Tuesday, May 10, 2016

No Selfie Awareness

First appeared on Blogcritics.

self1-cnn
I see it all the time in the most unusual places – someone stopping to take a selfie. Sometimes it is a dangerous situation like the edge of a subway platform or a street corner with buses and trucks whizzing by. I am amazed by the general lack of concern regarding personal safety in an effort to capture one’s image for some purpose – perhaps it is a chronicle of life as it unfolds but in some cases it could be as life ends, and that’s rather disturbing.

According to Merriam Webster Collegiate Dictionary, self-awareness is “knowledge and awareness of your own personality or character” that one would suspect comes from some kind of introspection. On a deeper level it should allow people to understand themselves better through self-study of their behavior, feelings, and beliefs.

“Selfie-awareness” is a completely different thing. The drive to take one’s photo in every possible daily situation seems the antithesis of self-awareness. There is no introspection involved in taking a selfie, especially in totally awkward or inappropriate situations (like taking one at a funeral or in the bathroom).

self2-foxnewsConsider the story of Deanna Pilling, a Manhattan mother who traveled to Utah State University to pick up daughter Mckenna after she completed her freshman year at the school. Wanting to surprise the girl in a novel way, Deanna went into her dorm room and took a selfie while lying on the girl’s bed. Unfortunately, Deanna was in the wrong room causing much embarrassment for her daughter.

Why you may ask would this woman find a need to take this picture and send it? Mckenna (apparently not that embarrassed) tweeted the photo and it has now gone viral – but there was obviously not an ounce of thought process involved here, proving that selfie-awareness is obliviousness at its nadir.

We have seen all kinds of selfies over the years, many from celebrities that are confounding because we wonder why these over exposed individuals crave even more exposure. How many times do we need to see Kim Kardashian in various states of undress? At this point it has gone beyond selfie-awareness to perhaps self-obsession, but Kim is not alone.

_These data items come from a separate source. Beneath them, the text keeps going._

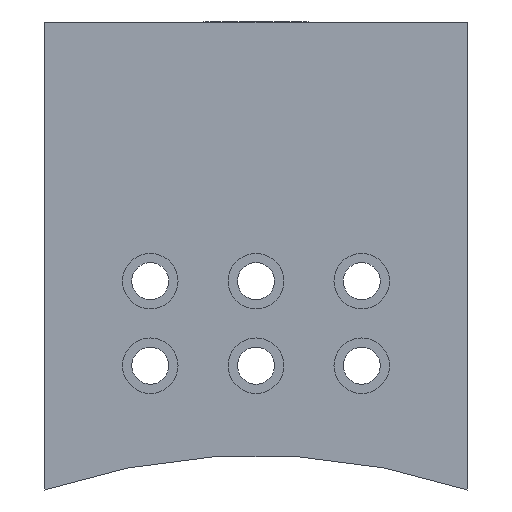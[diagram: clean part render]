
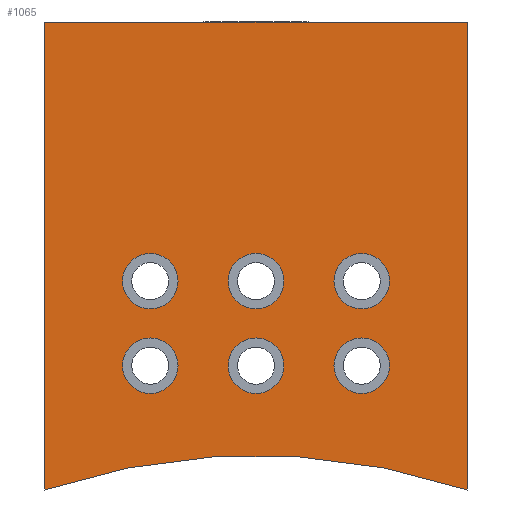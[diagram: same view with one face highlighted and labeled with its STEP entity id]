
A CAD part, front view. The second image highlights one B-rep face of the part: STEP entity #1065.
In plain terms, the highlighted planar face has unit normal (0, -1, 0).
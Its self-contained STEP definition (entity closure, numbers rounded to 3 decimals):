
#58=FACE_BOUND('',#262,.T.);
#59=FACE_BOUND('',#263,.T.);
#60=FACE_BOUND('',#264,.T.);
#61=FACE_BOUND('',#265,.T.);
#62=FACE_BOUND('',#266,.T.);
#63=FACE_BOUND('',#267,.T.);
#93=PLANE('',#1224);
#152=FACE_OUTER_BOUND('',#261,.T.);
#261=EDGE_LOOP('',(#907,#908,#909,#910));
#262=EDGE_LOOP('',(#911));
#263=EDGE_LOOP('',(#912));
#264=EDGE_LOOP('',(#913));
#265=EDGE_LOOP('',(#914));
#266=EDGE_LOOP('',(#915));
#267=EDGE_LOOP('',(#916));
#298=LINE('',#1681,#355);
#329=LINE('',#1843,#386);
#330=LINE('',#1845,#387);
#355=VECTOR('',#1353,10.);
#386=VECTOR('',#1542,10.);
#387=VECTOR('',#1543,10.);
#450=CIRCLE('',#1195,2.625);
#453=CIRCLE('',#1200,2.625);
#456=CIRCLE('',#1205,2.625);
#459=CIRCLE('',#1210,2.625);
#462=CIRCLE('',#1215,2.625);
#465=CIRCLE('',#1220,2.625);
#468=CIRCLE('',#1225,63.);
#503=VERTEX_POINT('',#1678);
#504=VERTEX_POINT('',#1680);
#538=VERTEX_POINT('',#1788);
#541=VERTEX_POINT('',#1797);
#544=VERTEX_POINT('',#1806);
#547=VERTEX_POINT('',#1815);
#550=VERTEX_POINT('',#1824);
#553=VERTEX_POINT('',#1833);
#556=VERTEX_POINT('',#1842);
#557=VERTEX_POINT('',#1844);
#606=EDGE_CURVE('',#503,#504,#298,.T.);
#657=EDGE_CURVE('',#538,#538,#450,.T.);
#661=EDGE_CURVE('',#541,#541,#453,.T.);
#665=EDGE_CURVE('',#544,#544,#456,.T.);
#669=EDGE_CURVE('',#547,#547,#459,.T.);
#673=EDGE_CURVE('',#550,#550,#462,.T.);
#677=EDGE_CURVE('',#553,#553,#465,.T.);
#681=EDGE_CURVE('',#504,#556,#329,.T.);
#682=EDGE_CURVE('',#557,#503,#330,.T.);
#683=EDGE_CURVE('',#556,#557,#468,.T.);
#907=ORIENTED_EDGE('',*,*,#681,.F.);
#908=ORIENTED_EDGE('',*,*,#606,.F.);
#909=ORIENTED_EDGE('',*,*,#682,.F.);
#910=ORIENTED_EDGE('',*,*,#683,.F.);
#911=ORIENTED_EDGE('',*,*,#657,.T.);
#912=ORIENTED_EDGE('',*,*,#661,.T.);
#913=ORIENTED_EDGE('',*,*,#665,.T.);
#914=ORIENTED_EDGE('',*,*,#669,.T.);
#915=ORIENTED_EDGE('',*,*,#673,.T.);
#916=ORIENTED_EDGE('',*,*,#677,.T.);
#1065=ADVANCED_FACE('',(#152,#58,#59,#60,#61,#62,#63),#93,.F.);
#1195=AXIS2_PLACEMENT_3D('',#1789,#1476,#1477);
#1200=AXIS2_PLACEMENT_3D('',#1798,#1487,#1488);
#1205=AXIS2_PLACEMENT_3D('',#1807,#1498,#1499);
#1210=AXIS2_PLACEMENT_3D('',#1816,#1509,#1510);
#1215=AXIS2_PLACEMENT_3D('',#1825,#1520,#1521);
#1220=AXIS2_PLACEMENT_3D('',#1834,#1531,#1532);
#1224=AXIS2_PLACEMENT_3D('',#1841,#1540,#1541);
#1225=AXIS2_PLACEMENT_3D('',#1846,#1544,#1545);
#1353=DIRECTION('',(1.,0.,0.));
#1476=DIRECTION('center_axis',(0.,1.,0.));
#1477=DIRECTION('ref_axis',(1.,0.,0.));
#1487=DIRECTION('center_axis',(0.,1.,0.));
#1488=DIRECTION('ref_axis',(1.,0.,0.));
#1498=DIRECTION('center_axis',(0.,1.,0.));
#1499=DIRECTION('ref_axis',(1.,0.,0.));
#1509=DIRECTION('center_axis',(0.,1.,0.));
#1510=DIRECTION('ref_axis',(1.,0.,0.));
#1520=DIRECTION('center_axis',(0.,1.,0.));
#1521=DIRECTION('ref_axis',(1.,0.,0.));
#1531=DIRECTION('center_axis',(0.,1.,0.));
#1532=DIRECTION('ref_axis',(1.,0.,0.));
#1540=DIRECTION('center_axis',(0.,1.,0.));
#1541=DIRECTION('ref_axis',(0.,0.,1.));
#1542=DIRECTION('',(0.,0.,-1.));
#1543=DIRECTION('',(0.,0.,1.));
#1544=DIRECTION('center_axis',(0.,-1.,0.));
#1545=DIRECTION('ref_axis',(1.,0.,0.));
#1678=CARTESIAN_POINT('',(-20.,0.,31.));
#1680=CARTESIAN_POINT('',(20.,0.,31.));
#1681=CARTESIAN_POINT('',(-20.,0.,31.));
#1788=CARTESIAN_POINT('',(7.375,0.,-1.5));
#1789=CARTESIAN_POINT('Origin',(10.,0.,-1.5));
#1797=CARTESIAN_POINT('',(-2.625,0.,-1.5));
#1798=CARTESIAN_POINT('Origin',(0.,0.,-1.5));
#1806=CARTESIAN_POINT('',(-12.625,0.,-1.5));
#1807=CARTESIAN_POINT('Origin',(-10.,0.,-1.5));
#1815=CARTESIAN_POINT('',(7.375,0.,6.5));
#1816=CARTESIAN_POINT('Origin',(10.,0.,6.5));
#1824=CARTESIAN_POINT('',(-2.625,0.,6.5));
#1825=CARTESIAN_POINT('Origin',(0.,0.,6.5));
#1833=CARTESIAN_POINT('',(-12.625,0.,6.5));
#1834=CARTESIAN_POINT('Origin',(-10.,0.,6.5));
#1841=CARTESIAN_POINT('Origin',(0.,0.,0.871));
#1842=CARTESIAN_POINT('',(20.,0.,-13.259));
#1843=CARTESIAN_POINT('',(20.,0.,15.));
#1844=CARTESIAN_POINT('',(-20.,0.,-13.259));
#1845=CARTESIAN_POINT('',(-20.,0.,-15.));
#1846=CARTESIAN_POINT('Origin',(0.,0.,-73.));

The whole world it would seem is now consumed with the selfie.

According to Forbes Magazine citing a United Nations report, 7 billion people on this planet now have cell phones – more than those 4.5 billion with access to flushing toilets. This means more people can take a selfie than those who can take a comfort break on a toilet bowl. Obviously, communication seems to be more important than sanitation for a great many individuals.

How many of those 7 billion are taking selfies everyday can only be estimated, but judging from what I see on a daily basis here in New York, there must be billions and billions of images being snapped all over the globe. New York is a major tourist destination, but the locals are just as guilty as visitors of taking selfies all over the city.

While we are more connected than ever through phones that can track our every movement and then broadcast it across the planet, there seems to be an increasing distance among people. We walk around looking at our phones instead of talking to people. We sit in parks and on beaches staring down at our devices instead of looking at the view. In restaurants people are checking their phones constantly instead of engaging in a discussion with their dining companions. Even in my own home I have been watching TV and turn to notice everyone else looking at a device instead of what’s on the screen, never mind turning everything off and having an actual conversation.

At this point the selfie has become a liability. Our desire to chronicle everything – and sometimes it seems truly to be everything – has taken us to a place of emotional oblivion. While wanting to capture every moment we have lost the ability to appreciate the seconds, minutes, and hours of our lives in a tangible way.

Instead of sending a selfie of you eating a slice of pizza, why not put the camera down and enjoy eating it. Forget the selfie standing in front of the ocean; turn around, breathe the air, and appreciate the beautiful view. By wanting to show the world everything we are doing we are diminishing it; the story we hope to tell is reduced to images that in the end mean nothing, fractals of our lives that add up to nada.

author5I have been guilty of taking a selfie here and there, but in the end they are no doubt like most selfies – deleted by the receiver, multiplied images that inevitably have a factor of zero. Guaranteed that is the fate of most selfies, except ones like the one tweeted by Mckenna Pilling, and then they go viral and become part of the vast unwashed sea of infamous selfies that will be eventually forgotten as well.

I am not sure where the world is going in 2016, but selfie awareness tends to make me think the picture is no longer worth a thousand words. If that is the case, selfies have been even more detrimental to the world than we can even imagine.